Sight Lines
- First edition cover
- Author: Arthur Sze
- Cover artist: Eve Aschheim
- Language: English
- Genre: Poetry
- Publisher: Copper Canyon Press
- Publication date: April 9, 2019
- Publication place: United States
- Media type: Print (paperback)
- Pages: 80
- Awards: National Book Award for Poetry (2019)
- ISBN: 978-1-55659-559-2
- OCLC: 1050955727
- Dewey Decimal: 811/.54
- LC Class: PS3569.Z38 A6 2019

= Sight Lines =

2019 poetry collection by Arthur Sze

Sight Lines is the tenth poetry collection by Arthur Sze. It was published by Copper Canyon Press in April 9, 2019.

The collection won the 2019 National Book Award for Poetry (USA).
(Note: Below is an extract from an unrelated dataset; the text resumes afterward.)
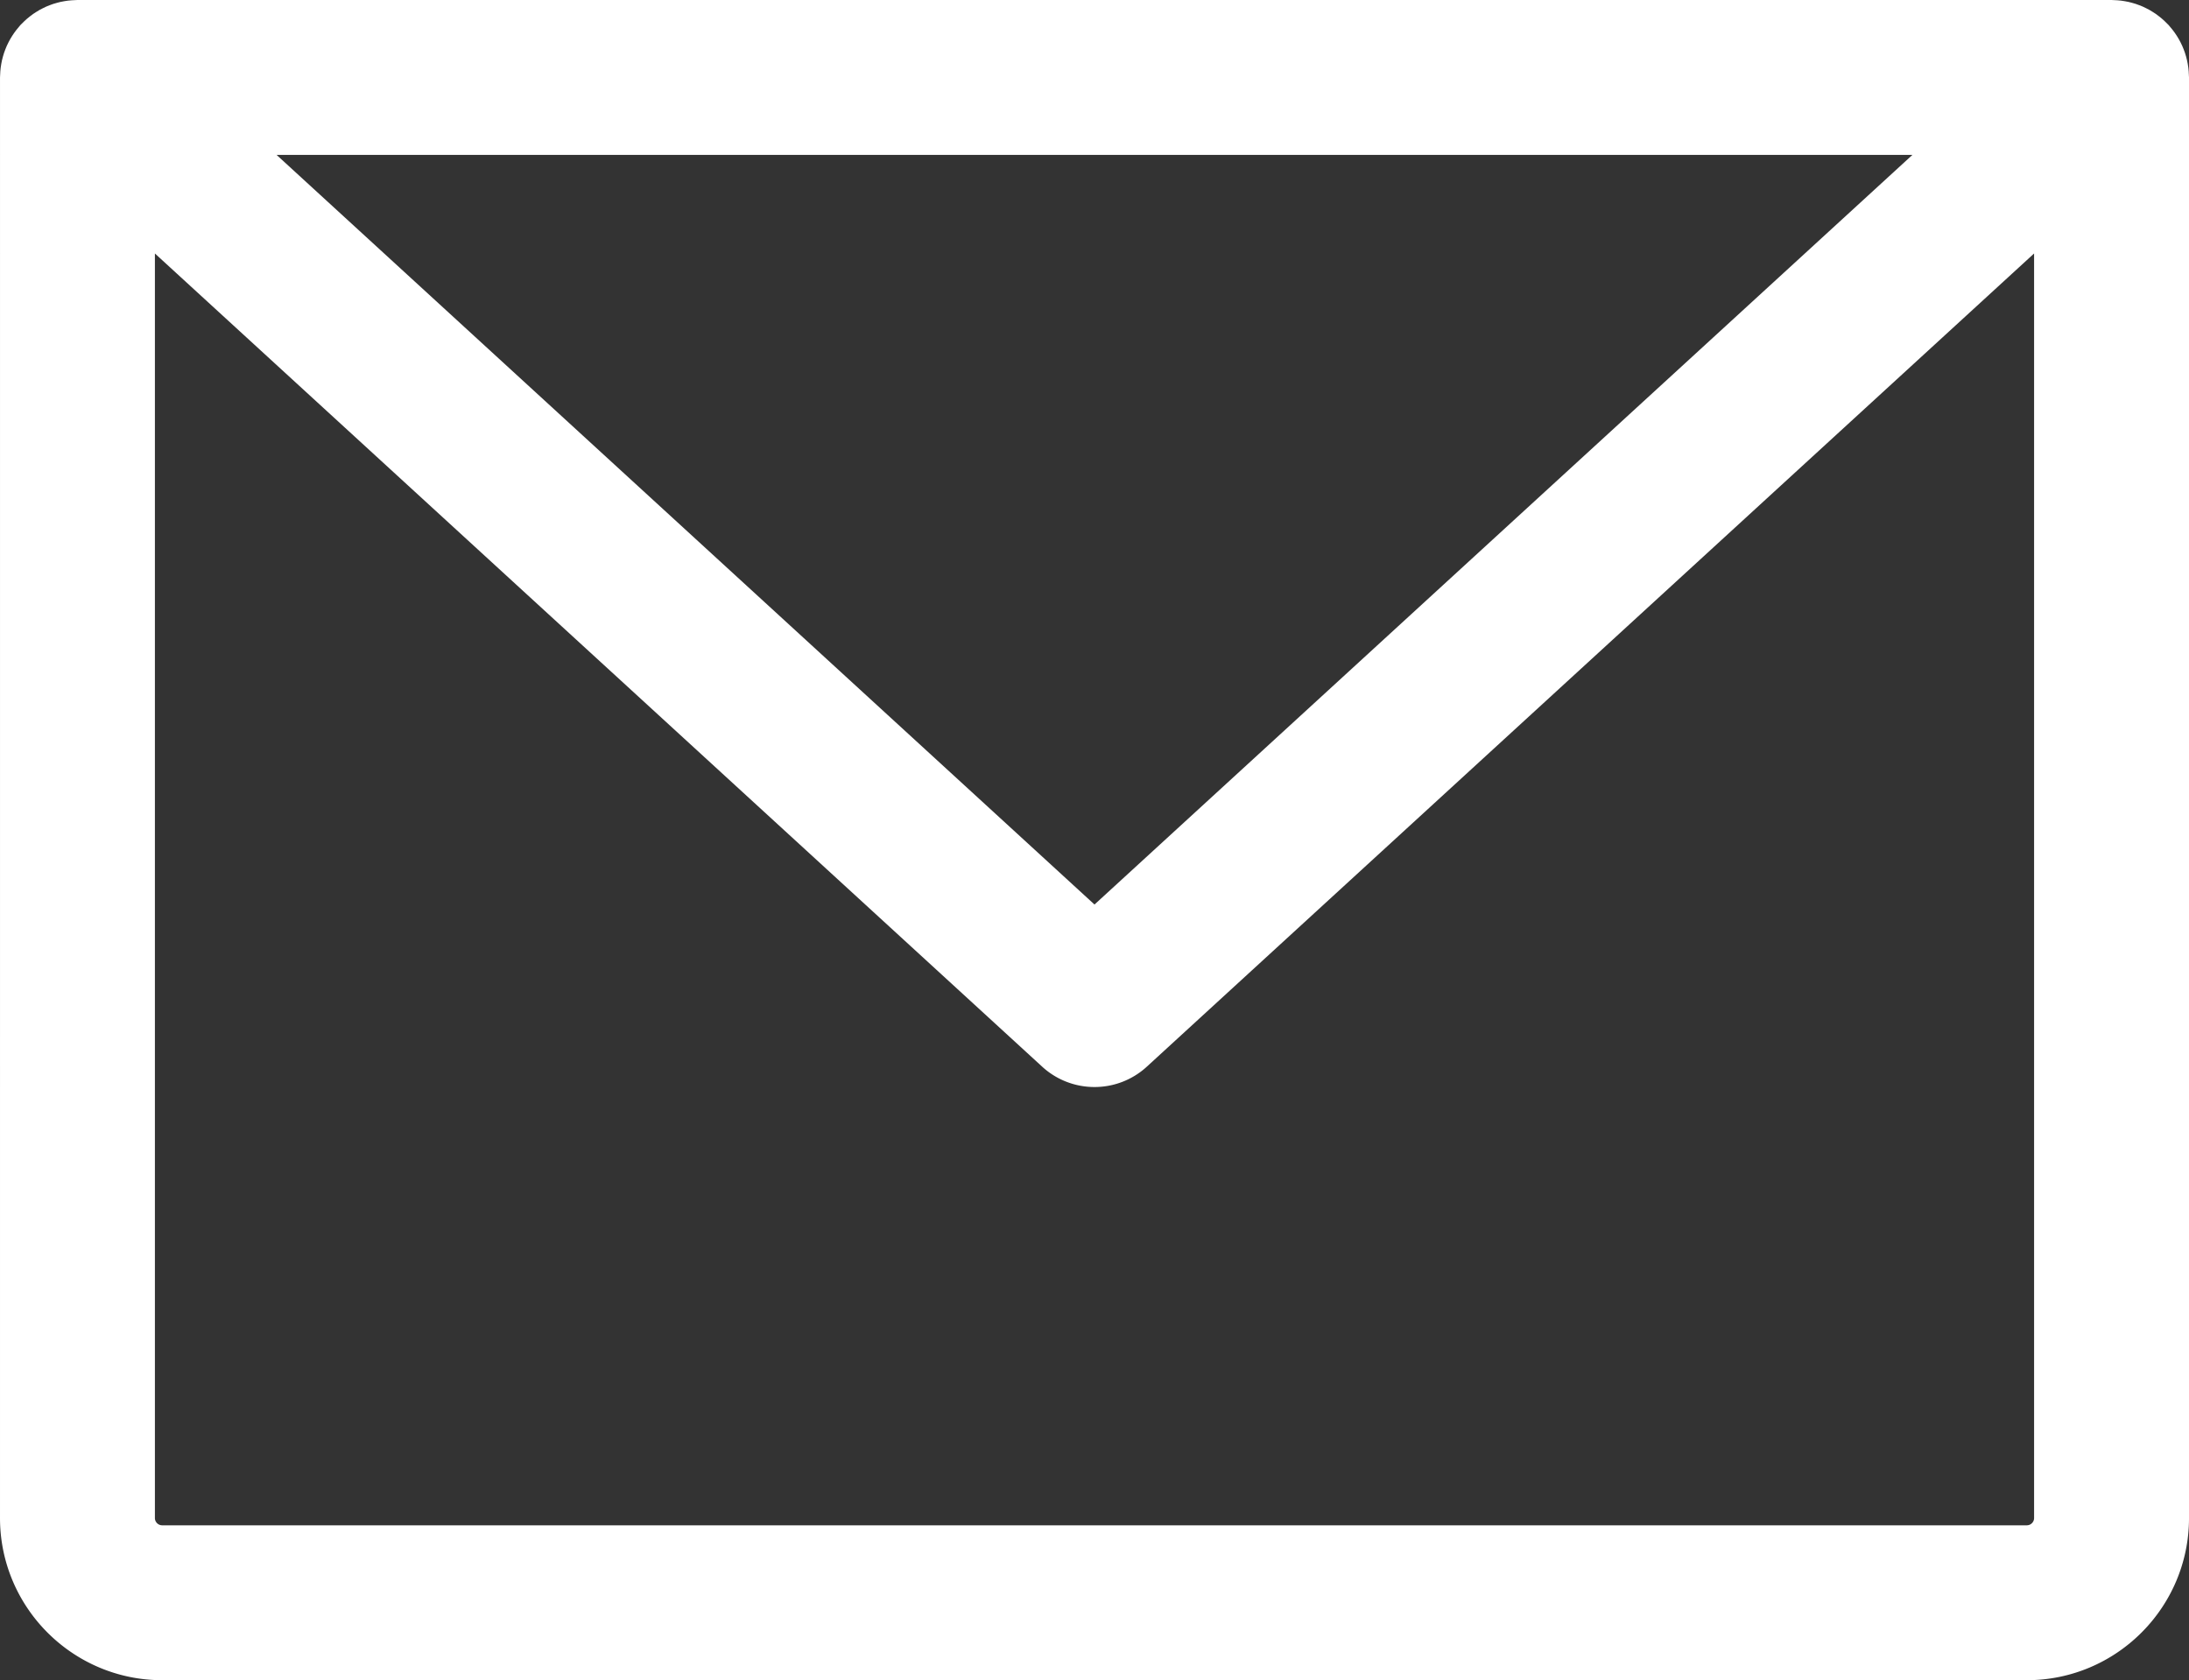 <svg xmlns="http://www.w3.org/2000/svg" width="480.46" height="368.844" viewBox="180.715 113.218 480.46 368.844" xmlns:v="https://vecta.io/nano"><rect x="180.715" y="113.218" width="480.46" height="368.844" fill="#333333" stroke="none"/><path fill="#fff" d="M661.154 129.801l-.046-.919-.078-.783-.131-.856-.16-.805-.206-.803-.242-.8-.282-.772-.317-.77-.358-.745-.395-.739-.423-.696-.486-.725-.466-.623-.595-.718-.262-.317-.247-.244-.651-.642-.593-.539-.644-.518-.69-.517-.646-.42-.757-.459-.693-.359-.771-.372-.77-.308-.759-.277-.826-.241-.77-.198-.829-.156-.833-.127-.785-.072-.924-.046-.344-.018h-446.46l-.361.018-.883.045-.825.075-.792.121-.867.164-.731.188-.862.25-.727.266-.799.319-.748.36-.714.37-.744.452-.655.426-.689.515-.643.517-.597.543-.644.635-.251.248-.267.323-.585.706-.474.634-.479.715-.428.706-.389.729-.363.754-.313.761-.286.78-.24.794-.208.808-.159.801-.131.859-.078.78-.046.922-.021.416V446.46c0 19.631 15.971 35.602 35.603 35.602h409.255c19.631 0 35.603-15.971 35.603-35.602V130.218c-.002-.141-.02-.277-.023-.417zm-60.682 17.417L420.946 311.784 241.419 147.218h359.053zm25.101 300.844H216.318c-.884 0-1.603-.719-1.603-1.602V168.863l194.743 178.514a16.96 16.96 0 0 0 11.487 4.469 16.95 16.95 0 0 0 11.487-4.469l194.742-178.514V446.46c.001.883-.718 1.602-1.601 1.602z"/></svg>

Judges of the prize praised Sze's "quiet mastery which generates beautiful, sensuous, inventive, and emotionally rich poems."

==Contents==
- "Water Calligraphy"
- "Stilling to North"
- "No one"
- "Westbourne Street"
- "Cloud Hands"
- "In the Bronx"
- "Unpacking a Globe"
- "During the Cultural Revolution"
- "Traversal"
- "The Radiant's"
- "Doppler Effect"
- "Adamant"
- "A woman detonates"
- "Python Skin"
- "Lichen Song"
- "Black Center"
- "Under a Rising Moon"
- "Light Echoes"
- "First Snow"
- "Salt cedar"
- "Courtyard Fire"
- "White Sands"
- "Salt Song"
- "The plutonium waste"
- "Sprang"
  - 1 "Winter Stars"
  - 2 "Hole"
  - 3 "Talisman"
  - 4 "Kintsugi"
  - 5 "Yellow Lightning"
  - 6 "Red-Ruffed Lemur"
  - 7 "This Is the Writing, the Speaking of the Dream"
  - 8 "Net Light"
  - 9 "Sprang"
- "A man who built"
- "Transfigurations --
- "Dawn Redwood"
- "Xeriscape"
- "The Far Norway Maples"
- "Sight Lines"
- "The Glass Constellation"

==Reception==
Publishers Weekly called it "finely crafted and philosophical".
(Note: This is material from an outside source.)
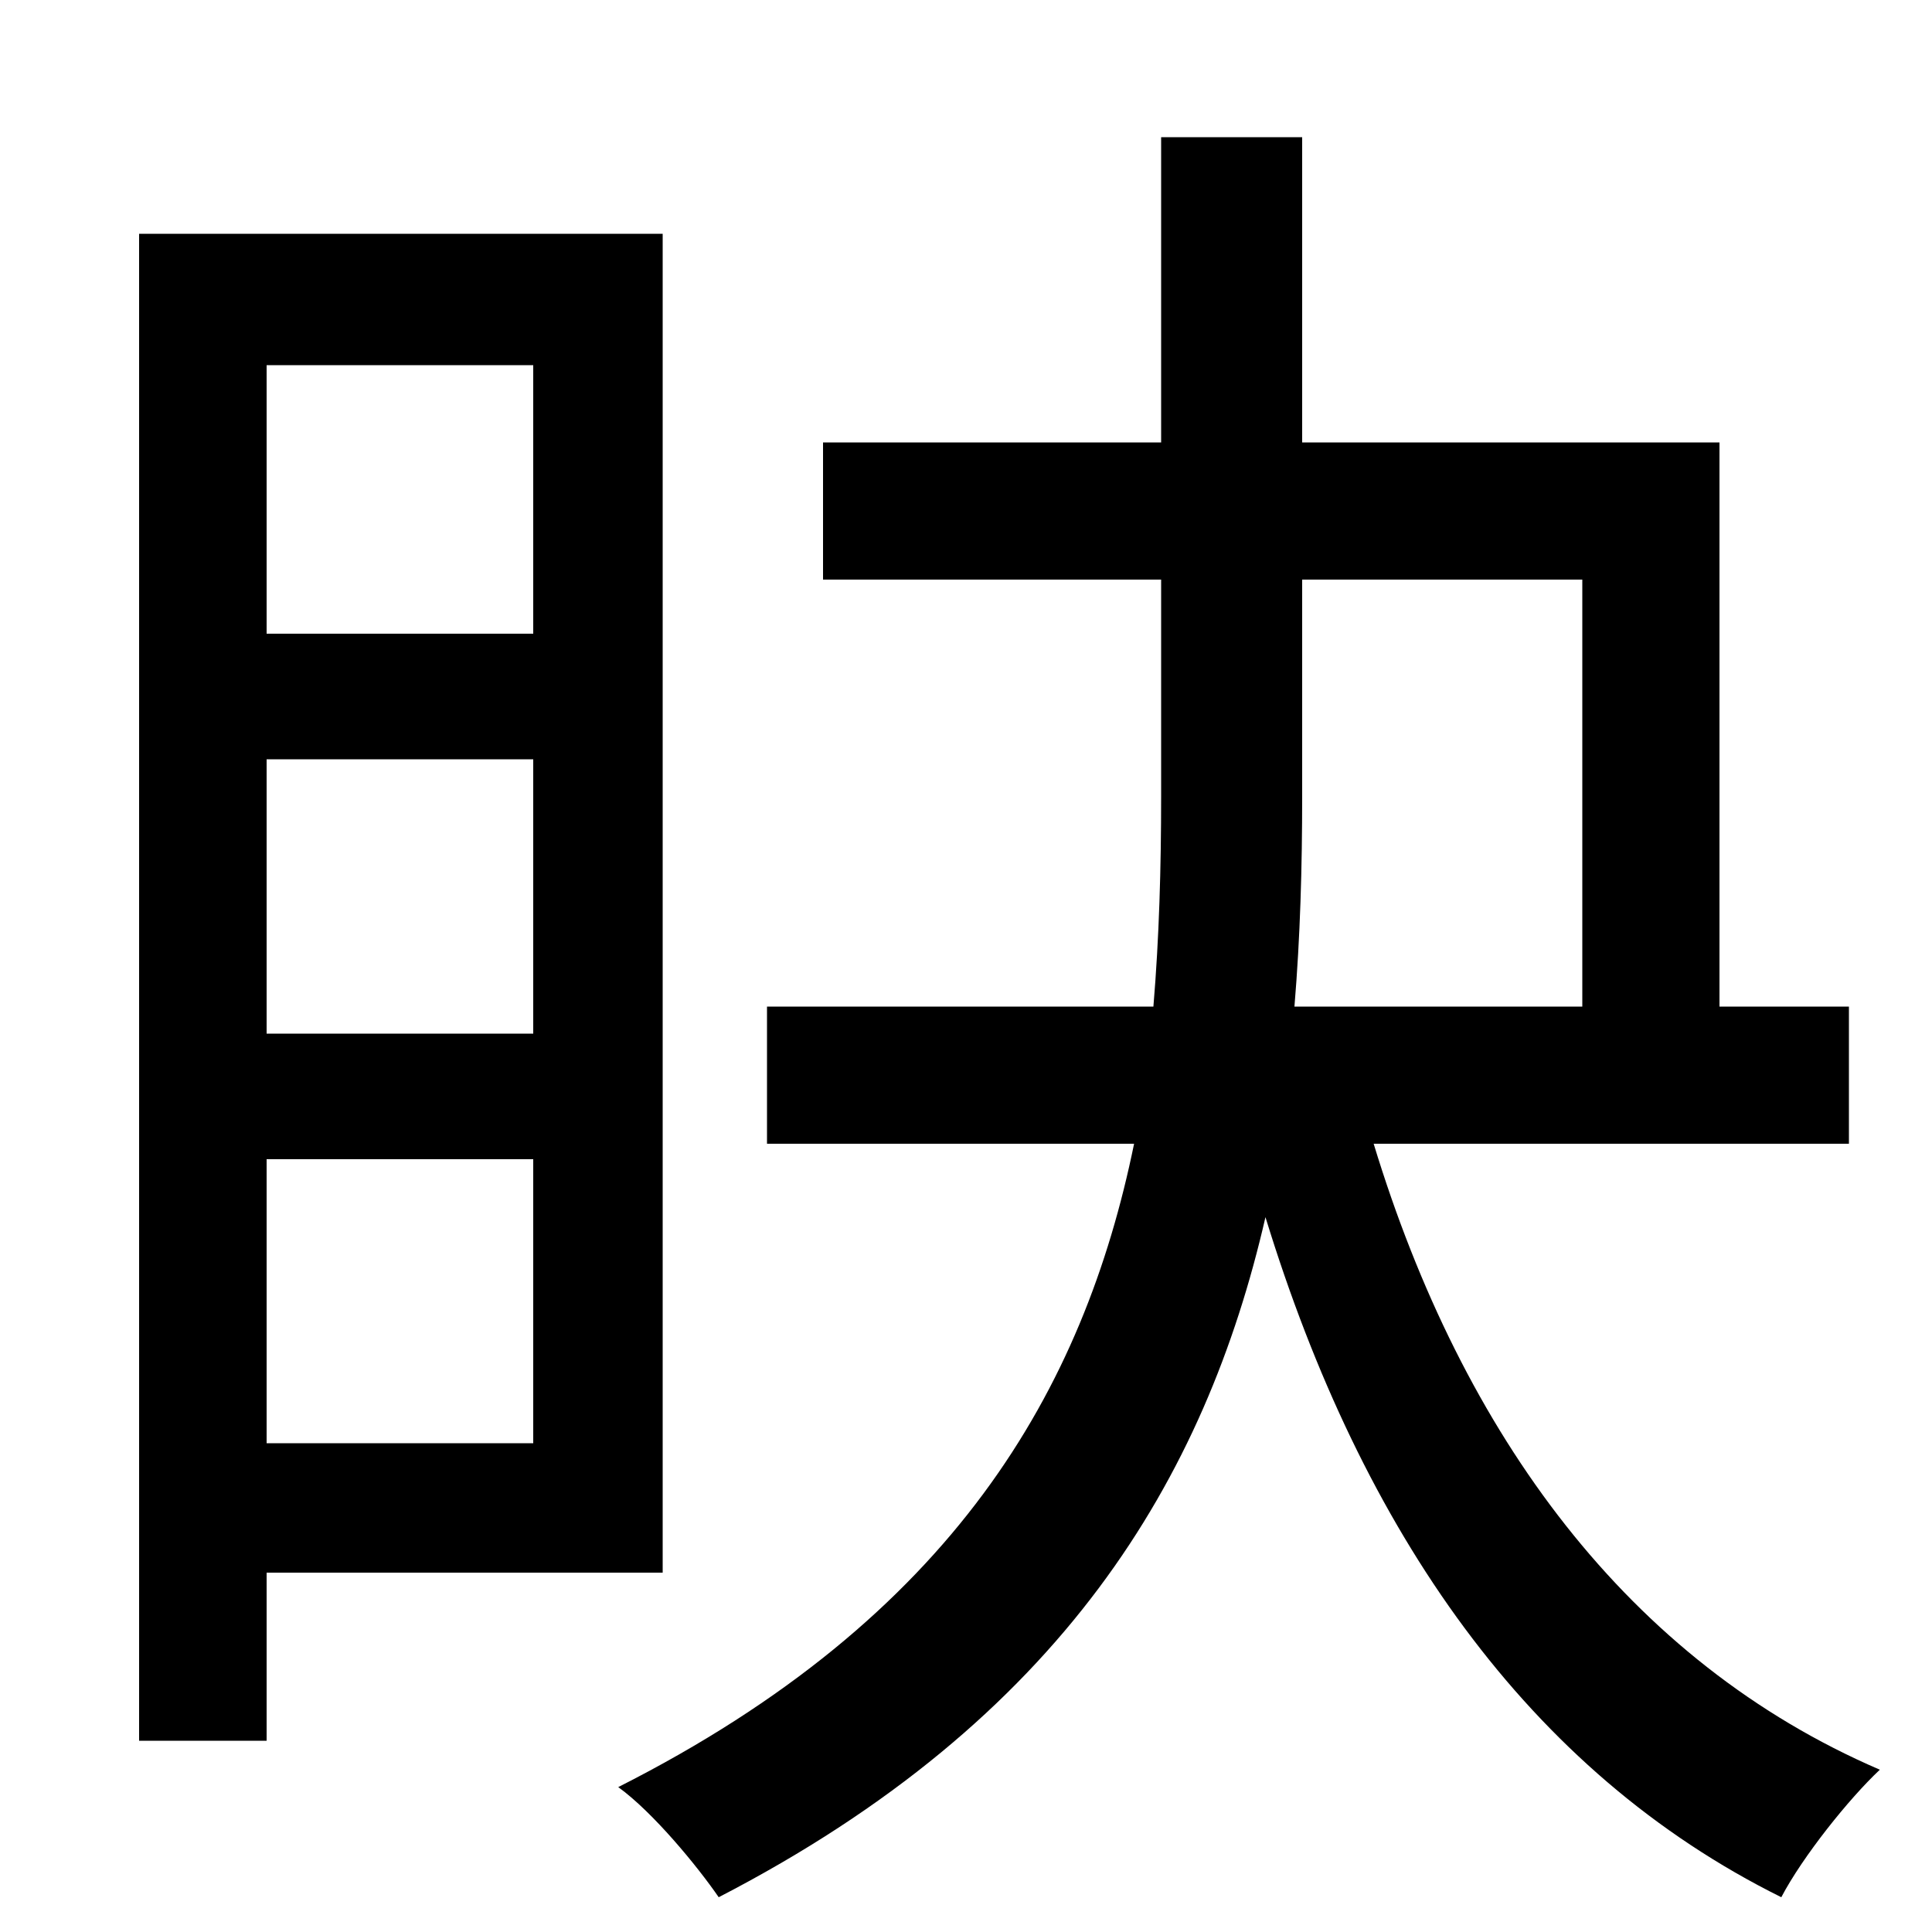 <svg xmlns="http://www.w3.org/2000/svg" id="U4017" viewBox="0 0 1000 1000"><path transform="translate(0, 900) scale(1,-1)" d="M819 379L670 379C673 415 674 451 674 488L674 600L819 600ZM601 829L601 671L426 671L426 600L601 600L601 488C601 451 600 415 597 379L397 379L397 308L587 308C561 181 494 63 320-25C338-38 361-66 372-82C550 10 624 135 655 270C705 107 791-17 922-82C933-61 957-31 973-16C843 40 757 157 711 308L957 308L957 379L890 379L890 671L674 671L674 829ZM276 507L276 365L138 365L138 507ZM276 572L138 572L138 711L276 711ZM276 300L276 153L138 153L138 300ZM72 779L72-1L138-1L138 86L343 86L343 779Z"/></svg>

In her review for The New York Times, Tess Taylor wrote, "This is a poetry of assemblage, where violence and beauty combine and hang on Sze's particular gift for the leaping non sequitur."

Florian Gargaillo of the Colorado Review praised Sze's philosophy represented through strikethroughs, writing, "It is this degree of self-questioning, this wariness of authority in himself and others, that makes Sze such a valuable poet for this moment."